INSTRUCTIONS TO FOLLOW
Report how many lines in the data below hold the string "height". Nothing else should appear in the answer.

SOURCE DATA

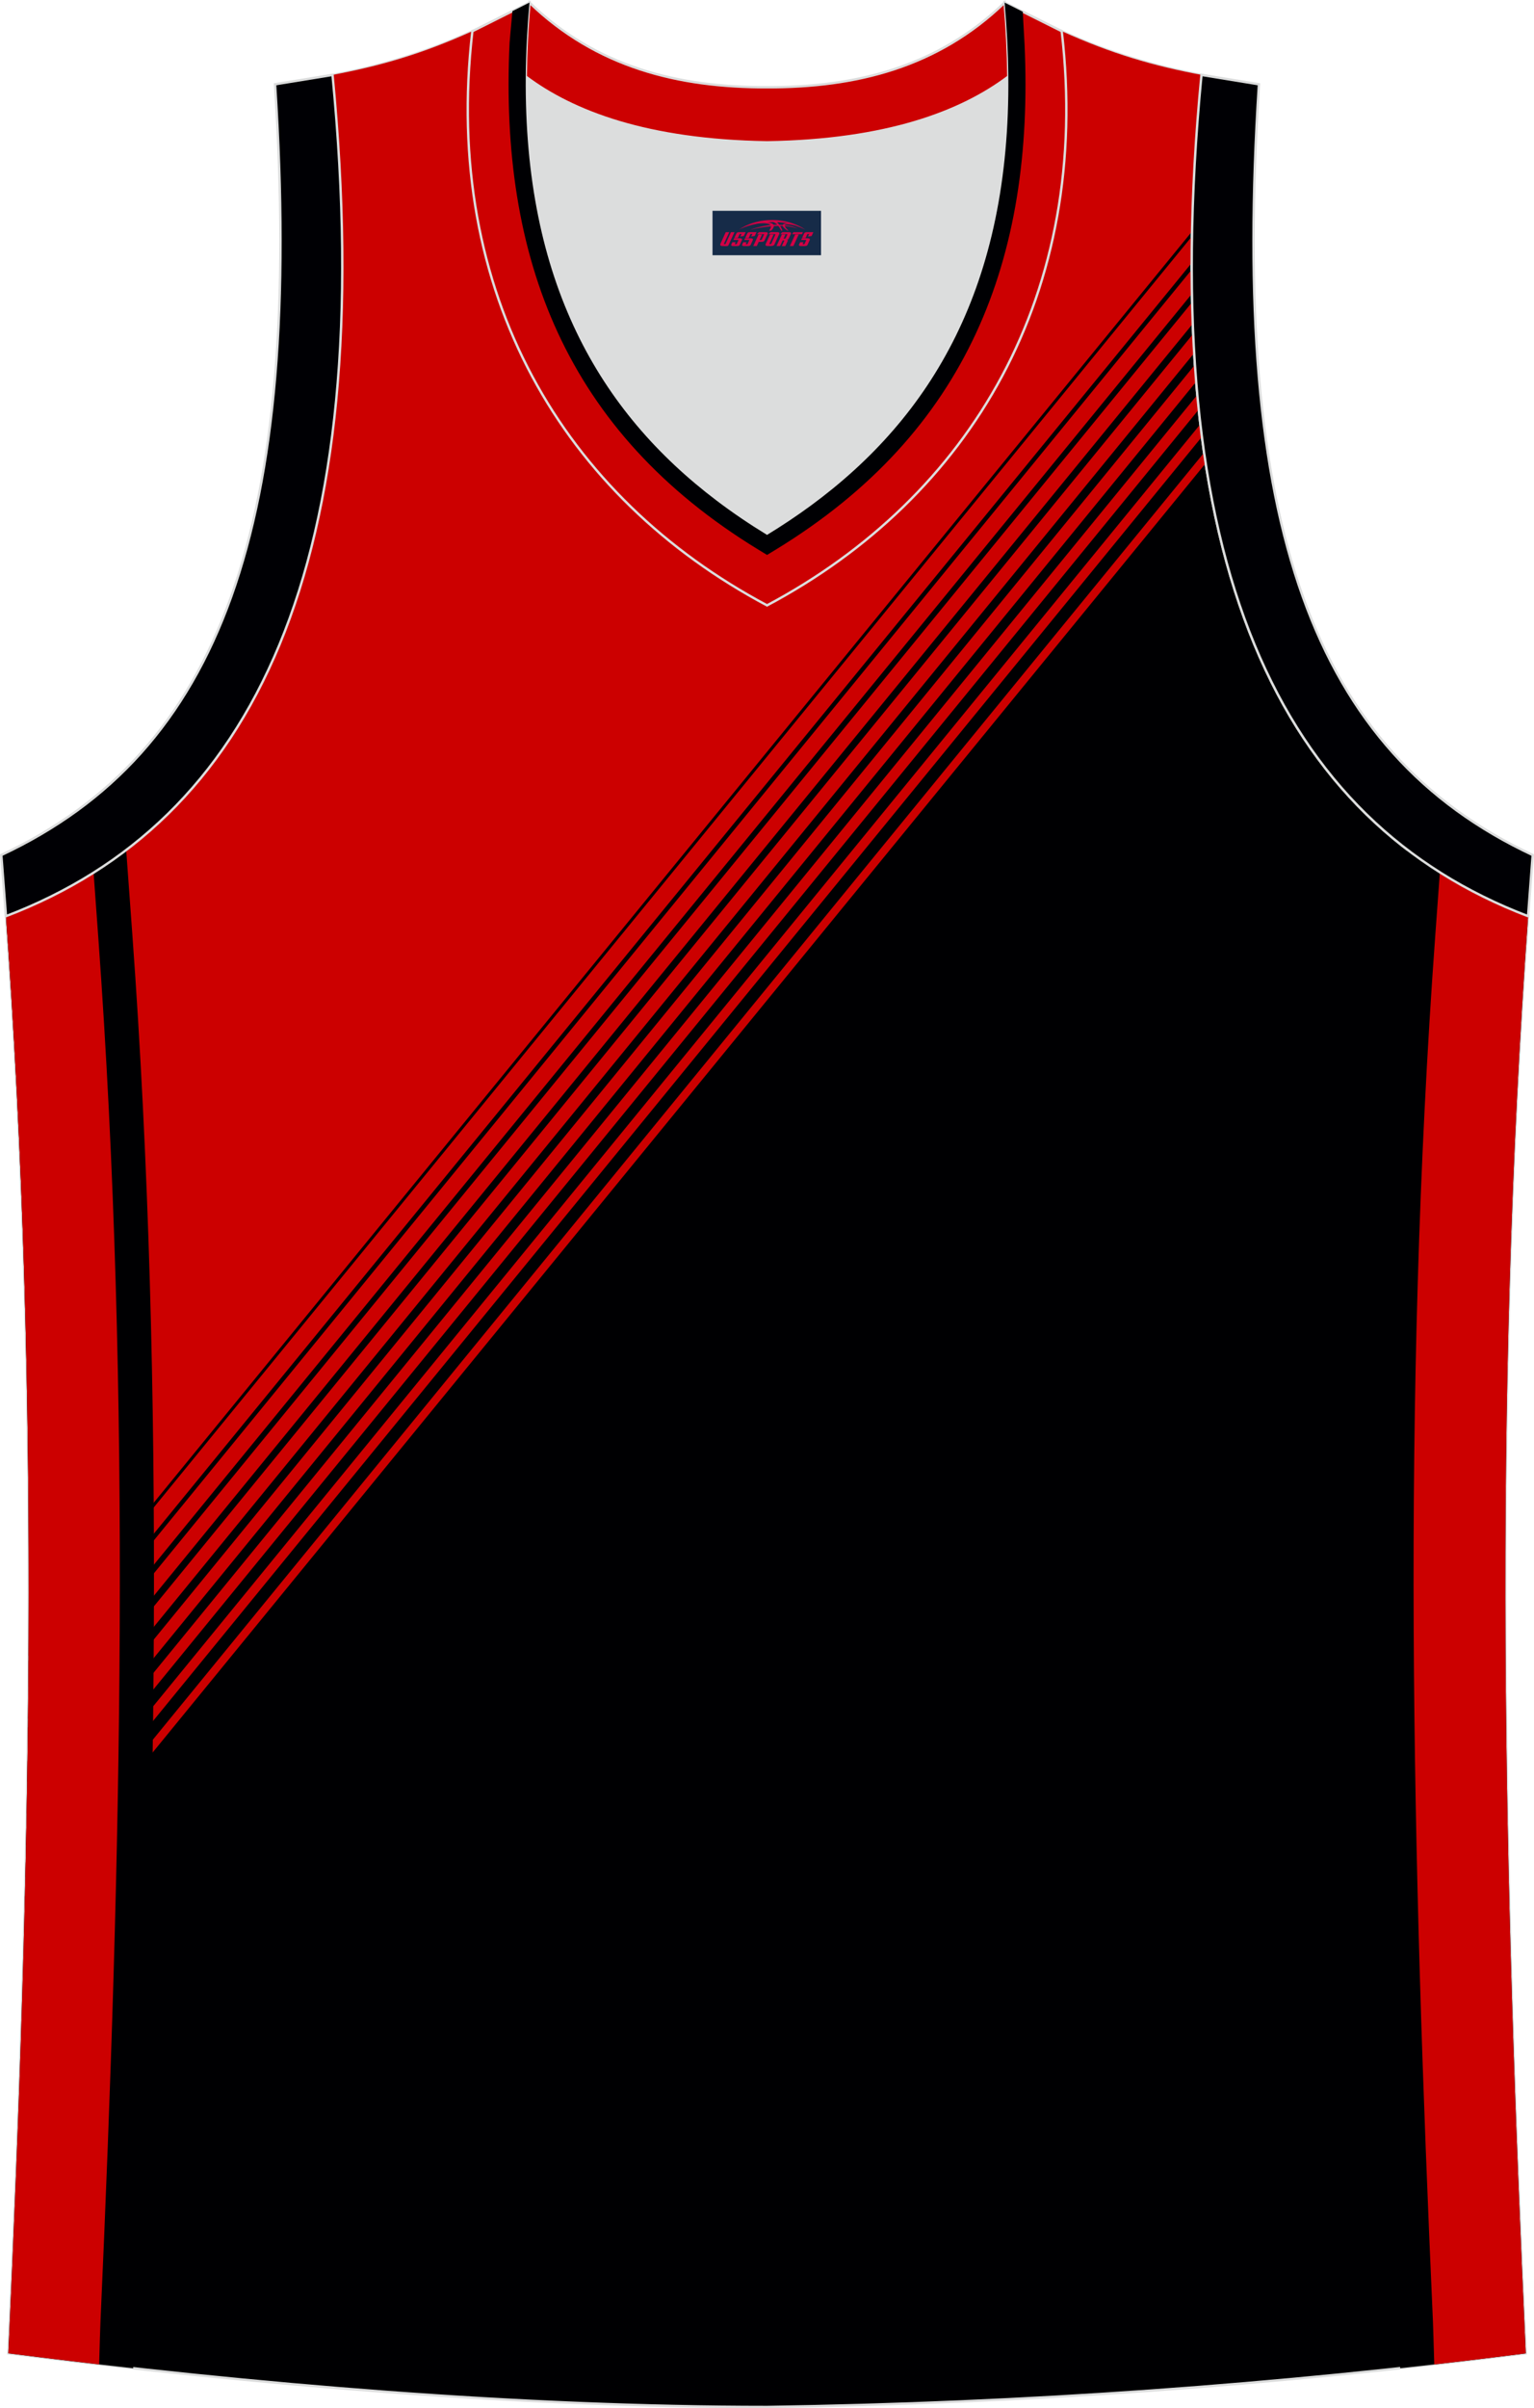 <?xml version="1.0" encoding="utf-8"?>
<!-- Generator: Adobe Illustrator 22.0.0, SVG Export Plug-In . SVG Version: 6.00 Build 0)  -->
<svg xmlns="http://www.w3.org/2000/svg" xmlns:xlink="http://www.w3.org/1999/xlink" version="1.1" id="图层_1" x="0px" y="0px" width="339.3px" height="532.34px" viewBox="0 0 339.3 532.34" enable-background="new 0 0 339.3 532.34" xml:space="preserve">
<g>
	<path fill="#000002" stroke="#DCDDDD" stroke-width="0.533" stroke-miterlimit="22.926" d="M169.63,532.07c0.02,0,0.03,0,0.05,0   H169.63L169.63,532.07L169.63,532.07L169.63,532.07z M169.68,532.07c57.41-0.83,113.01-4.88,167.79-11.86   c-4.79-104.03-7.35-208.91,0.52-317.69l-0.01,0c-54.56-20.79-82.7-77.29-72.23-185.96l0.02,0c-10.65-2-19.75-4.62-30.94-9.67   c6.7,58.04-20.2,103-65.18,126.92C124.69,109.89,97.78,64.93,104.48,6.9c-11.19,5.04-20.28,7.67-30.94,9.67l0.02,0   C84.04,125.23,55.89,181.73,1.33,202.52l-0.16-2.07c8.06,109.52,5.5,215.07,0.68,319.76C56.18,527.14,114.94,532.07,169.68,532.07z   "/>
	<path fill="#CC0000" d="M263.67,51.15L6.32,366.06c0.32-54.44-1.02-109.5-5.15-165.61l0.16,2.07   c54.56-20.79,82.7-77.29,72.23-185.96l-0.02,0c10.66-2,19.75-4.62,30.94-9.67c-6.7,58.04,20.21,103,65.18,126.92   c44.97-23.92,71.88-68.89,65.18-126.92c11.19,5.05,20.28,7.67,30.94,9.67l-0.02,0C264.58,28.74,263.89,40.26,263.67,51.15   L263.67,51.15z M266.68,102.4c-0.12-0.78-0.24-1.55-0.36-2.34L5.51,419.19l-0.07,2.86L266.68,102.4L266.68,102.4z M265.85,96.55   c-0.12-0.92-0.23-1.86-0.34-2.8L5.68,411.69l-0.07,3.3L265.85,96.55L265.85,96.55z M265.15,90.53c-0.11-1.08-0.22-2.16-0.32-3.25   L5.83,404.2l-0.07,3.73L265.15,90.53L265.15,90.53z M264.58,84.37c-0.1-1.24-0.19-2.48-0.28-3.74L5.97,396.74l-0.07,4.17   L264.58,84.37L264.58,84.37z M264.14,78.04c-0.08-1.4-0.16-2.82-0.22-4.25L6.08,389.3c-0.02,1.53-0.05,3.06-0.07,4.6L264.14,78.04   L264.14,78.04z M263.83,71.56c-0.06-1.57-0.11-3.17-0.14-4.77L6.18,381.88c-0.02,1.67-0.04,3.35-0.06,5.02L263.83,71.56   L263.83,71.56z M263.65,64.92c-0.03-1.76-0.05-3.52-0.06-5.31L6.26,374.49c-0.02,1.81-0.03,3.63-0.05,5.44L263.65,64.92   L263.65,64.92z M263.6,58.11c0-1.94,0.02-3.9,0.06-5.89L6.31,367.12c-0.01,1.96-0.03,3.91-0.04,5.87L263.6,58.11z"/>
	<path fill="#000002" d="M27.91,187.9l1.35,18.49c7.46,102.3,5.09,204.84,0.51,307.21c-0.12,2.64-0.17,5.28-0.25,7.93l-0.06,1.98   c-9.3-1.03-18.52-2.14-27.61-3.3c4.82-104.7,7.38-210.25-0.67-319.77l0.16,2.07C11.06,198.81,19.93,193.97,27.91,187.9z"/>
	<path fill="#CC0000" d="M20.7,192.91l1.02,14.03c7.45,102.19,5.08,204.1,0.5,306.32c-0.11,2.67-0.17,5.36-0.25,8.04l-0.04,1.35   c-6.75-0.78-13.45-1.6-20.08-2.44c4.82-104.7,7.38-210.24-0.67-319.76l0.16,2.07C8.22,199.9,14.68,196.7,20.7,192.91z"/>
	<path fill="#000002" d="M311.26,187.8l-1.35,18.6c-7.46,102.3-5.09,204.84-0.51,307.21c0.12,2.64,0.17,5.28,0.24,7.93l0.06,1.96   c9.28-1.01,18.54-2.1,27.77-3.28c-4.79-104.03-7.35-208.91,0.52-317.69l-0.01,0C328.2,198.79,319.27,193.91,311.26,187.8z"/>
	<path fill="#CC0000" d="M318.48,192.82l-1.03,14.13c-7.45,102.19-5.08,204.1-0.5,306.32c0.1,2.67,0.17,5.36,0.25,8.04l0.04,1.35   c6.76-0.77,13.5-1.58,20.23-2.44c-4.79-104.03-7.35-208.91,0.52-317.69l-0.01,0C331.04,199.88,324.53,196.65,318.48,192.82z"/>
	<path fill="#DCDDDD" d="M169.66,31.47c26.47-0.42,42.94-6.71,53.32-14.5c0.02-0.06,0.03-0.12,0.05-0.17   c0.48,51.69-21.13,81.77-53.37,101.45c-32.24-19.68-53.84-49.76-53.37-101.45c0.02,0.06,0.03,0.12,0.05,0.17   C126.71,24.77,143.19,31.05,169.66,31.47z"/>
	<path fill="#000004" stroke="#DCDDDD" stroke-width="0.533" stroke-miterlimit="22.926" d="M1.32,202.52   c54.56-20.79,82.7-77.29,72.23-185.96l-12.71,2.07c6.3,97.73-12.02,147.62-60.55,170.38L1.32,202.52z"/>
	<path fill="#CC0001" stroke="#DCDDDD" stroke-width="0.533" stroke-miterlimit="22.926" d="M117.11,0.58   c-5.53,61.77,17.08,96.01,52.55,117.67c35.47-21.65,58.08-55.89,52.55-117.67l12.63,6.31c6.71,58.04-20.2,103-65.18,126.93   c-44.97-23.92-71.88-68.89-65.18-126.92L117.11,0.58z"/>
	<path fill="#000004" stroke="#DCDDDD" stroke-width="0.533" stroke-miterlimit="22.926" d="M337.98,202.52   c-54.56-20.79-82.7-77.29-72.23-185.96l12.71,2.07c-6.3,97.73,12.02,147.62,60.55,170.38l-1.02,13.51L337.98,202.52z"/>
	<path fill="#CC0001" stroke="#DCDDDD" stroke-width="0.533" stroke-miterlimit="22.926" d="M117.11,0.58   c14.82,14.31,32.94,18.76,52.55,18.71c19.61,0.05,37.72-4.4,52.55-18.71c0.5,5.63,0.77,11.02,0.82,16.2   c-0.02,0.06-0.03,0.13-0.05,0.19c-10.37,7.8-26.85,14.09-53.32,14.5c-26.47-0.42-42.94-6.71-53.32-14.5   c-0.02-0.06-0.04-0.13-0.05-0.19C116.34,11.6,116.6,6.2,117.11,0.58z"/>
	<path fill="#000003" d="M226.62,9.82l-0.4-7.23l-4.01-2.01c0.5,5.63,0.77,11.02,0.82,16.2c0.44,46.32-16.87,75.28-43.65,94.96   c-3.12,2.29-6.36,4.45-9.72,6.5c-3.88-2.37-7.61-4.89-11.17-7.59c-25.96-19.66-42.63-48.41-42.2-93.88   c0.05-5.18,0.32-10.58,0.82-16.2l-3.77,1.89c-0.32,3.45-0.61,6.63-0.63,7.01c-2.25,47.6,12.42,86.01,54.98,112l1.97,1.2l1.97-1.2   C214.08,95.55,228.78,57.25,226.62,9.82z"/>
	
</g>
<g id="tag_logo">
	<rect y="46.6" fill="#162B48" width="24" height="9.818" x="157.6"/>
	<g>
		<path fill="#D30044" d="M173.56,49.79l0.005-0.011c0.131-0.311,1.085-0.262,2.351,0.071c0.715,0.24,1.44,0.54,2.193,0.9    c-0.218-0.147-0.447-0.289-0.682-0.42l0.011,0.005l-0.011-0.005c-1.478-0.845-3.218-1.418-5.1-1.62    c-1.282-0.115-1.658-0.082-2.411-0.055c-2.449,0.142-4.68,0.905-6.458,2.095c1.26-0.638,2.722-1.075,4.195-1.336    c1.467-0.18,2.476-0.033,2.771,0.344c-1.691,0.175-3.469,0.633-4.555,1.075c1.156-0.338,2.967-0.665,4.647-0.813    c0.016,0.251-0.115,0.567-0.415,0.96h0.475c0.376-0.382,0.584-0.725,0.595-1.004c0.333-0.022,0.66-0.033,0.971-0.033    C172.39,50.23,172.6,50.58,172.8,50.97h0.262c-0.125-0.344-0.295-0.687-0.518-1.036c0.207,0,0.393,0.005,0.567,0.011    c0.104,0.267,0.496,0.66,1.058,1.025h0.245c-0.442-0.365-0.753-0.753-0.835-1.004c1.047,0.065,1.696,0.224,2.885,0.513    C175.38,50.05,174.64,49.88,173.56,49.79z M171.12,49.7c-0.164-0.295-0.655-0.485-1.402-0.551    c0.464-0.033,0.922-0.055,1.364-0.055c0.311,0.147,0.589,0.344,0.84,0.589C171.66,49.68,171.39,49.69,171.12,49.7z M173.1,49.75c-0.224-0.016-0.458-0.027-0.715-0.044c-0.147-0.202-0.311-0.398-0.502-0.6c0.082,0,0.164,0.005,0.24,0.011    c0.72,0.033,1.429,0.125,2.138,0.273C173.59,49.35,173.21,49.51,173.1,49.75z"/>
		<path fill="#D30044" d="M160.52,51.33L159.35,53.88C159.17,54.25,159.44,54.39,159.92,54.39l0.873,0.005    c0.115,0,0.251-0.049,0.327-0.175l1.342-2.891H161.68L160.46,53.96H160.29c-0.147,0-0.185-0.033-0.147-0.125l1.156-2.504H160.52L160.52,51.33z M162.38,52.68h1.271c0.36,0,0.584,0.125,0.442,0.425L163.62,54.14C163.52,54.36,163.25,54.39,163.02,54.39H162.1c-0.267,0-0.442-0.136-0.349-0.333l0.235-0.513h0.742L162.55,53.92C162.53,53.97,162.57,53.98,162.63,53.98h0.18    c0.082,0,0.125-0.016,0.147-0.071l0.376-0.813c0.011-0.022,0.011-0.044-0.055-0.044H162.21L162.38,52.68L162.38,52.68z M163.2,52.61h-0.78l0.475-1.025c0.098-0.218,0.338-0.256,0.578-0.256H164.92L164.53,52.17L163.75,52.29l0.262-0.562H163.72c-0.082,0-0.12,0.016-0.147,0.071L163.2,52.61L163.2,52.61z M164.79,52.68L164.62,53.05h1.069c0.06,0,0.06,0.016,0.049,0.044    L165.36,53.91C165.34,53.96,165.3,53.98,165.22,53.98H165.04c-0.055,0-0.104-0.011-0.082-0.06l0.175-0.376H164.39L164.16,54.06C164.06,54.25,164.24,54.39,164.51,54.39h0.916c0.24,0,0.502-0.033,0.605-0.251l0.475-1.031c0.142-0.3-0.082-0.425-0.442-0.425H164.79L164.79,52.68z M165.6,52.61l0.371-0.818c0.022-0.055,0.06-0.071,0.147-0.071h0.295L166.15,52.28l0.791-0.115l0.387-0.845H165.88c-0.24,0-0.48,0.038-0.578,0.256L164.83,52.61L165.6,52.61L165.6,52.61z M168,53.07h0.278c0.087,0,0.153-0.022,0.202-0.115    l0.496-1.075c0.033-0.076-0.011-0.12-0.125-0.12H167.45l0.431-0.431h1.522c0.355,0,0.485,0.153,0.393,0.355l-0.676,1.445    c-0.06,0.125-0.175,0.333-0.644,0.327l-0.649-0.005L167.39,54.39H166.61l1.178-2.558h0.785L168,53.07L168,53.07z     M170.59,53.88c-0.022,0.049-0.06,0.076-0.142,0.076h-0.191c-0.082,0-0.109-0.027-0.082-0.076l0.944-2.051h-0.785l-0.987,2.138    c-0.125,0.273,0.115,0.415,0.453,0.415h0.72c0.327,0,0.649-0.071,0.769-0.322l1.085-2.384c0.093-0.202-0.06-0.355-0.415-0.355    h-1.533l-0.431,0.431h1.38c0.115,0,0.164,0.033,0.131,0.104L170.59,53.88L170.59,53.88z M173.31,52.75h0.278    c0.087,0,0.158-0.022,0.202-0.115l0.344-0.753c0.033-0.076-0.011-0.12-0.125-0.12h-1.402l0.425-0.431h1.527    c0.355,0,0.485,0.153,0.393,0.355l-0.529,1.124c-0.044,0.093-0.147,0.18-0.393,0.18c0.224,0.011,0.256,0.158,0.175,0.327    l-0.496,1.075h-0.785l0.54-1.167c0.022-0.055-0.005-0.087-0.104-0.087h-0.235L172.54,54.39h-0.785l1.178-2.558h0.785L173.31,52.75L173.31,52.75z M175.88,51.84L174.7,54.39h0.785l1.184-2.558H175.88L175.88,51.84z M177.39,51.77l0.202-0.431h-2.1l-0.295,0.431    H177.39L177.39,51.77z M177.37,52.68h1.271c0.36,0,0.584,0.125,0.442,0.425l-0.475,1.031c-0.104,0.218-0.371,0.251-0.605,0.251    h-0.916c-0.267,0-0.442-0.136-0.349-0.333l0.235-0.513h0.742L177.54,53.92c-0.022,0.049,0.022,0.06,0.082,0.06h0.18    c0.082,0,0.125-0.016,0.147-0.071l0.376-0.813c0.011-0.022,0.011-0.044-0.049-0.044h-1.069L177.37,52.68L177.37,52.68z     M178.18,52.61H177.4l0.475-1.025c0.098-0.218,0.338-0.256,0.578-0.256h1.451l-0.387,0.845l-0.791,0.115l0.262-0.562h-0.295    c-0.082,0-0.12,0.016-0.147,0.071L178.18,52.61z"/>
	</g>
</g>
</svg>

RESPONSE TO THE TASK
2